Nucleotide sequence and protein analysis of a complex piscine retrovirus, walleye dermal sarcoma virus

Abstract

Walleye dermal sarcoma virus (WDSV) is a fish retrovirus associated with the development of tumors in walleyes. We have determined the complete nucleotide sequence of a DNA clone of WDSV, the N-terminal amino acid sequences of the major proteins, and the start site for transcription. The long terminal repeat is 590 bp in length, with the U3 region containing consensus sequences likely to be involved in viral gene expression. A predicted histidyl-tRNA binding site is located 3 nucleotides distal to the 3' end of the long terminal repeat.

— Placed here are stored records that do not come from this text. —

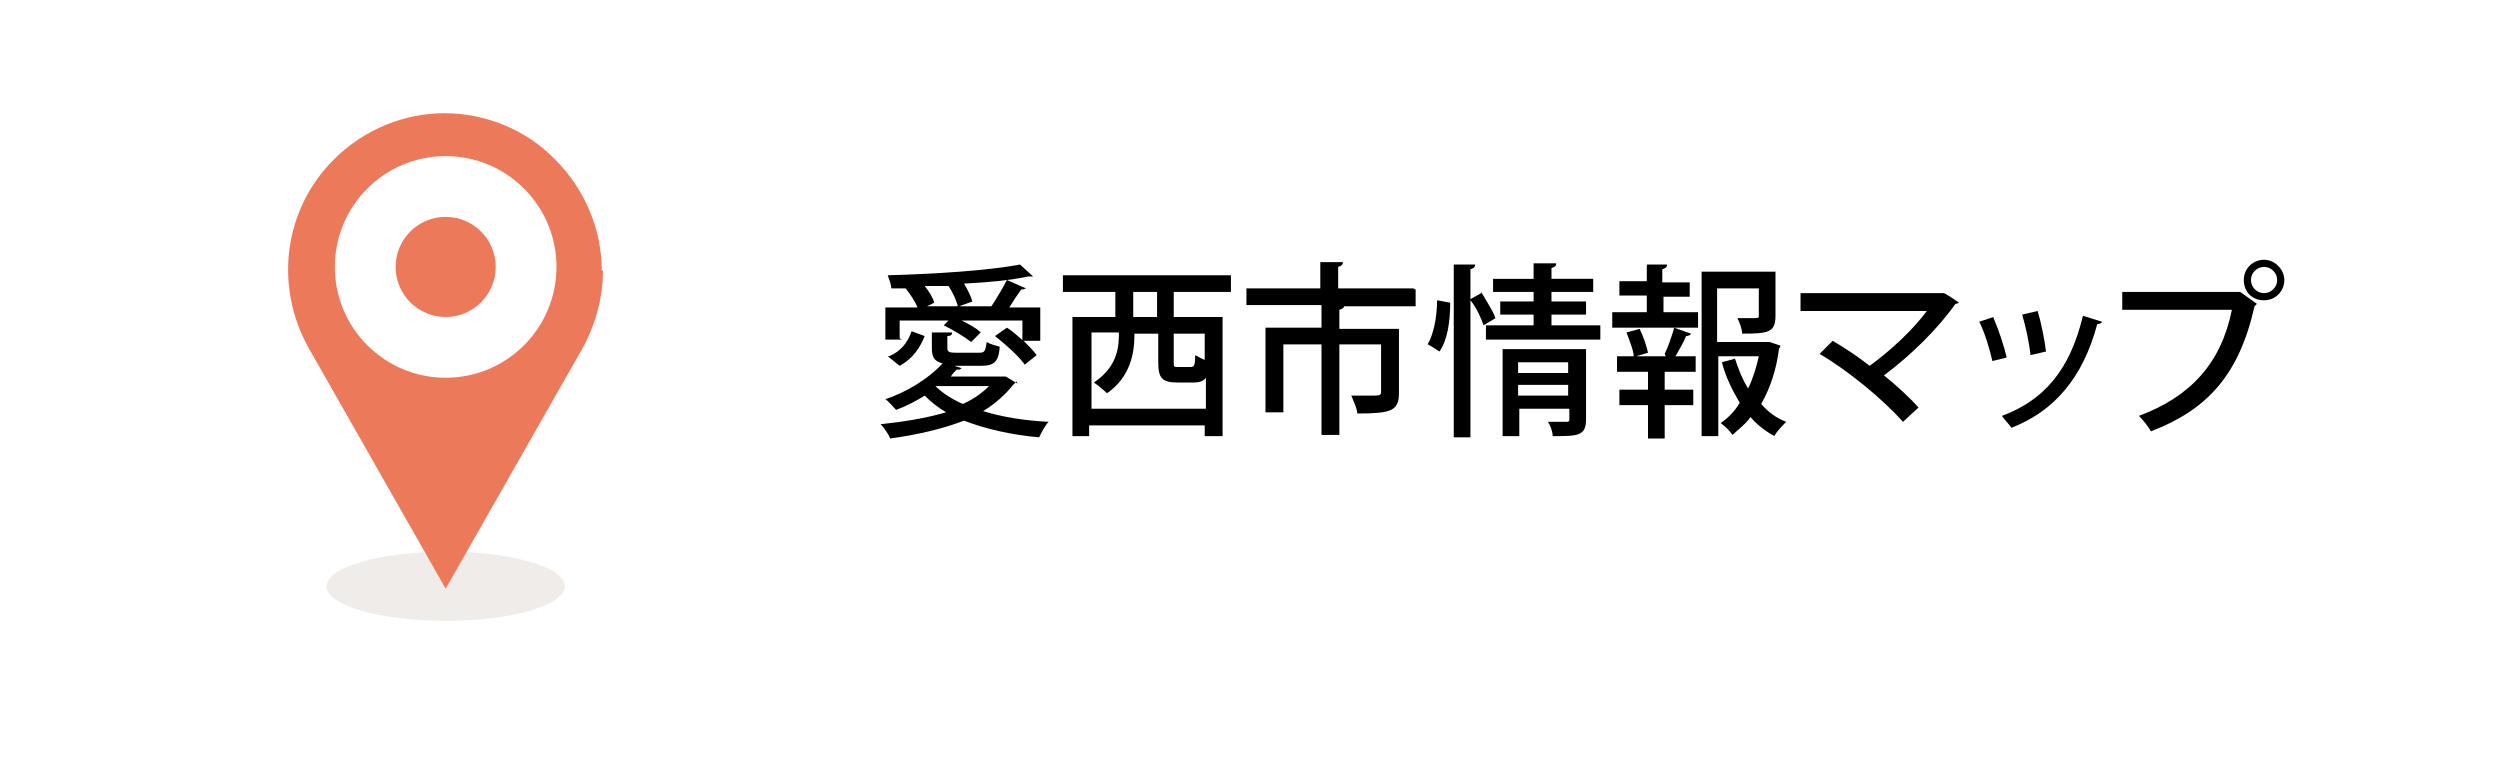 <?xml version="1.0" encoding="UTF-8"?>
<svg id="_レイヤー_1" data-name="レイヤー 1" xmlns="http://www.w3.org/2000/svg" version="1.1" xmlns:xlink="http://www.w3.org/1999/xlink" viewBox="0 0 209.8 63.8">
  <defs>
    <style>
      .cls-1 {
        fill: #000;
      }

      .cls-1, .cls-2, .cls-3, .cls-4, .cls-5, .cls-6 {
        stroke-width: 0px;
      }

      .cls-7 {
        opacity: 0;
      }

      .cls-2 {
        fill: #221f20;
      }

      .cls-8 {
        opacity: .1;
      }

      .cls-3 {
        fill: #ec795a;
      }

      .cls-4, .cls-6 {
        fill: #fff;
      }

      .cls-5 {
        fill: #5f391a;
      }

      .cls-6 {
        filter: url(#drop-shadow-1);
      }
    </style>
    <filter id="drop-shadow-1" filterUnits="userSpaceOnUse">
      <feOffset dx="0" dy="2"/>
      <feGaussianBlur result="blur" stdDeviation="2"/>
      <feFlood flood-color="#040000" flood-opacity=".2"/>
      <feComposite in2="blur" operator="in"/>
      <feComposite in="SourceGraphic"/>
    </filter>
  </defs>
  <rect class="cls-6" x="6.1" y="4.2" width="197.6" height="51.5" rx="10.1" ry="10.1"/>
  <g>
    <path class="cls-1" d="M85.3,32c0,0-.1.2-.2.2-.7.9-1.6,1.7-2.6,2.3,1.6.5,3.5.8,5.5.9-.3.3-.6.9-.8,1.3-2.3-.2-4.5-.7-6.3-1.4-1.8.7-4,1.2-6.2,1.5-.1-.3-.5-.9-.8-1.2,1.9-.2,3.8-.5,5.5-1-.7-.4-1.3-.9-1.8-1.4-.8.5-1.6.9-2.4,1.2-.2-.2-.6-.7-.9-.9,1.8-.6,3.6-1.7,4.8-3-.7-.2-.9-.5-.9-1.3v-1.3h1.7c0,.2-.1.3-.4.3v1c0,.3.1.4.7.4h2c.4,0,.5-.1.6-.9.3.2.8.3,1.1.4-.1,1.3-.5,1.6-1.6,1.6h-2.2l.6.2c0,0-.2.2-.4.1-.2.2-.4.4-.5.6h4.6s1,.6,1,.6ZM75.7,28.5h-1.4v-2.7h2.7c-.2-.5-.6-1.1-1-1.6h.1c-.4,0-.9,0-1.3,0,0-.3-.2-.8-.3-1.1,3.9-.1,8.5-.4,11.1-.9l1.1,1c0,0-.2,0-.4,0-1.4.3-3.3.5-5.4.6.3.5.6,1.1.7,1.5l-1.1.4h2.7c.4-.6,1-1.6,1.3-2.2l1.6.7c0,0-.2.1-.4.1-.3.4-.7,1-1,1.5h2.6v2.8h-1.5v-1.7h-5.1c.6.3,1.2.6,1.6,1l-.8.8c-.5-.4-1.5-1-2.3-1.4l.4-.4h-4.1v1.5ZM74.6,29.9c1-.4,1.6-1.2,1.9-2.1l1.1.4c-.4,1-1,1.9-2.1,2.5l-1-.8ZM80.4,25.8c-.1-.5-.4-1.2-.8-1.8-.6,0-1.3,0-2,0,.4.5.7,1,.8,1.4l-.6.3h2.7ZM78.5,32.4c.6.6,1.4,1.1,2.3,1.5.9-.4,1.6-.9,2.2-1.5h-4.5ZM85.9,28.6c.4.4.8.8,1.1,1.2l-1,.8c-.5-.7-1.6-1.7-2.5-2.4l1-.7c.5.3,1,.8,1.5,1.2Z"/>
    <path class="cls-1" d="M103.3,24.5h-4.8v2.1h4.1v10h-1.5v-.9h-9.7v.9h-1.4v-10h3.6v-2.1h-4.4v-1.4h14.1v1.4ZM91.5,34.3h9.7v-2.6c-.2.3-.6.4-1,.4h-1.4c-1.3,0-1.6-.4-1.6-1.7v-2.4h-2v.2c0,1.5-.4,3.5-2.3,4.8-.2-.2-.8-.7-1.1-.9,2.1-1.4,2.1-3.2,2.1-4.2h-2.3v6.4ZM97.1,26.6v-2.1h-2v2.1h2ZM99.9,30.8c.3,0,.4-.1.4-1,.2.1.5.3.8.4v-2.2h-2.6v2.4c0,.4,0,.4.4.4h1Z"/>
    <path class="cls-1" d="M118.8,24.3v1.4h-6.3s.3,0,.3,0c0,.1-.1.2-.4.3v1.6h5v5.4c0,1.5-.7,1.7-3.5,1.7,0-.4-.3-1-.5-1.5.6,0,1.2,0,1.6,0,.7,0,.9,0,.9-.3v-4h-3.5v7.6h-1.5v-7.6h-3.2v5.7h-1.5v-7.1h4.7v-1.9h-6.3v-1.4h6.2v-2.2h1.9c0,.2-.1.3-.4.4v1.8h6.3Z"/>
    <path class="cls-1" d="M121.7,25.4c0,1.5-.2,3.1-.9,4.1-.9-.6-1-.6-1-.6.5-.8.8-2.3.8-3.7l1.1.2ZM124.3,24.5c.4.7,1,1.6,1.2,2.2l-1,.6c-.2-.6-.6-1.5-1.1-2.1v11.5h-1.4v-14.5h1.8c0,.2-.1.3-.4.4v2.5l.9-.5ZM130.3,27.3h4v1.2h-9.6v-1.2h4v-.9h-2.8v-1.1h2.8v-.8h-3.4v-1.1h3.4v-1.3h1.9c0,.2-.1.3-.4.4v.9h3.5v1.1h-3.5v.8h2.9v1.1h-2.9v.9ZM133.1,29.3v5.9c0,1.4-.7,1.4-2.8,1.4,0-.4-.2-.9-.4-1.2.6,0,1.3,0,1.5,0s.3,0,.3-.2v-.9h-4.2v2.3h-1.4v-7.3h7.1ZM131.6,30.4h-4.2v.9h4.2v-.9ZM127.4,33.2h4.2v-.9h-4.2v.9Z"/>
    <path class="cls-1" d="M139.6,24.8v1.4h2.9v1.3h-7.2v-1.3h2.9v-1.4h-2.3v-1.2h2.3v-1.4h1.7c0,.2-.1.3-.4.4v1.1h2.3v1.2h-2.3ZM139.7,29.7c.3-.6.6-1.5.8-2.2l1.4.5c0,.1-.2.2-.4.2-.2.5-.6,1.2-.9,1.7h1.7v1.3h-2.6v1.5h2.4v1.3h-2.4v2.8h-1.4v-2.8h-2.4v-1.3h2.4v-1.5h-2.6v-1.3h1.4c0-.5-.4-1.4-.6-2l1.1-.3c.3.6.6,1.5.7,2l-1,.3h2.8-.3ZM148.5,28.7l.9.3c0,.1,0,.2-.1.2-.2,1.7-.7,3.3-1.5,4.7.6.7,1.3,1.2,2.1,1.5-.3.3-.8.8-1,1.2-.7-.4-1.4-.9-2-1.6-.4.6-1,1-1.5,1.5-.2-.3-.6-.7-1-1,.6-.4,1.2-1,1.6-1.7-.6-1-1.2-2.2-1.5-3.4l1.1-.3c.3.9.6,1.7,1.1,2.5.4-.8.7-1.8.9-2.7h-3.4v6.7h-1.4v-13.8h6.2v3.7c0,1.4-.6,1.5-2.8,1.5,0-.4-.2-.9-.4-1.3.4,0,.8,0,1.1,0,.7,0,.7,0,.7-.2v-2.3h-3.5v4.5h4.2Z"/>
    <path class="cls-1" d="M164.4,25.3c0,.1-.1.2-.3.2-1.4,2-3.7,4.3-6,6,1,.8,2.2,1.9,2.9,2.7l-1.3,1.2c-1.7-1.9-4.6-4.3-7-5.7l1.1-1.1c1,.6,2.1,1.3,3.1,2.1,1.8-1.3,3.7-3.1,4.8-4.6h-10.6v-1.5h12c0-.1,1.3.8,1.3.8Z"/>
    <path class="cls-1" d="M167.3,26.7c.4.9.9,2.4,1.1,3.3l-1.2.3c-.2-.9-.6-2.3-1.1-3.3l1.2-.4ZM176.4,27c0,.1-.2.2-.4.2-1.2,4.5-3.6,7.3-7.2,8.7-.2-.3-.6-.7-.8-1,3.5-1.3,5.7-3.8,6.8-8.4l1.6.5ZM171,26.1c.3,1,.6,2.5.7,3.4l-1.3.3c-.1-1-.4-2.4-.7-3.4l1.3-.3Z"/>
    <path class="cls-1" d="M178.2,24.5h9.8c0,0,1.4,1,1.4,1,0,0-.1.1-.2.2-1.3,5.8-4,8.7-8.7,10.5-.2-.4-.7-1-1-1.3,4.3-1.6,6.9-4.4,7.8-8.9h-9.2v-1.5ZM190,21.8c.9,0,1.7.8,1.7,1.7s-.7,1.7-1.7,1.7-1.7-.7-1.7-1.7.8-1.7,1.7-1.7ZM191.1,23.5c0-.6-.5-1.1-1.1-1.1s-1.1.5-1.1,1.1.5,1.1,1.1,1.1,1.1-.5,1.1-1.1Z"/>
  </g>
  <g>
    <g class="cls-8">
      <ellipse class="cls-5" cx="37.4" cy="49.2" rx="10" ry="2.9"/>
    </g>
    <g>
      <path class="cls-3" d="M50.6,22.7c0,2.2-.6,4.5-1.7,6.5l-11.5,20.2-11.5-20.2c-2.9-5.2-2.1-11.6,2.1-15.8,2.6-2.6,6-3.9,9.3-3.9s6.8,1.3,9.3,3.9c2.5,2.5,3.9,5.9,3.9,9.3Z"/>
      <circle class="cls-4" cx="37.4" cy="22.4" r="9.3"/>
      <circle class="cls-3" cx="37.4" cy="22.4" r="4.2"/>
    </g>
    <g class="cls-7">
      <path class="cls-2" d="M50.6,22.7c0,2.2-.6,4.5-1.7,6.5l-11.5,20.2V9.5c3.4,0,6.8,1.3,9.3,3.9,2.5,2.5,3.9,5.9,3.9,9.3Z"/>
    </g>
  </g>
</svg>

Virus particles purified by isopycnic sedimentation followed by rate zonal sedimentation showed major polypeptides with molecular sizes of 90, 25, 20, 14, and 10 kDa. N-terminal sequencing of these allowed unambiguous assignment of the small polypeptides as products of the gag gene, including CA and NC, and the large polypeptide as the TM product of env. The 582-amino-acid (aa) Gag protein precursor is predicted to be myristylated as is found for most retroviruses. NC contains a single Cys-His motif like those found in all retroviruses except spumaviruses. The WDSV pro and pol genes are in the same translational reading frame as gag and thus apparently are translated after termination suppression. The env gene encodes a surface (SU) protein of 469 aa predicted to be highly glycosylated and a large transmembrane (TM) protein of 754 aa. The sequence of TM is unusual in that it ends in a very hydrophobic segment of 65 residues containing a single charged residue. Following the env gene are two nonoverlapping long open reading frames of 290 aa (orf-A) and 306 aa (orf-B), neither of which shows significant sequence similarity with known genes. A third open reading frame of 119 aa (orf-C) is located in the leader region preceding gag. The predicted amino acid sequence of reverse transcriptase would place WDSV phylogenetically closest to the murine leukemia virus-related genus of retroviruses. However, other members of this genus do not have accessory genes, suggesting that WDSV acquired orf-A, orf-B, and perhaps orf-C late in its evolution. We hypothesize by analogy with other complex retroviruses that the accessory genes of WDSV function in the regulation of transcription and in RNA processing and also in the induction of walleye dermal sarcoma.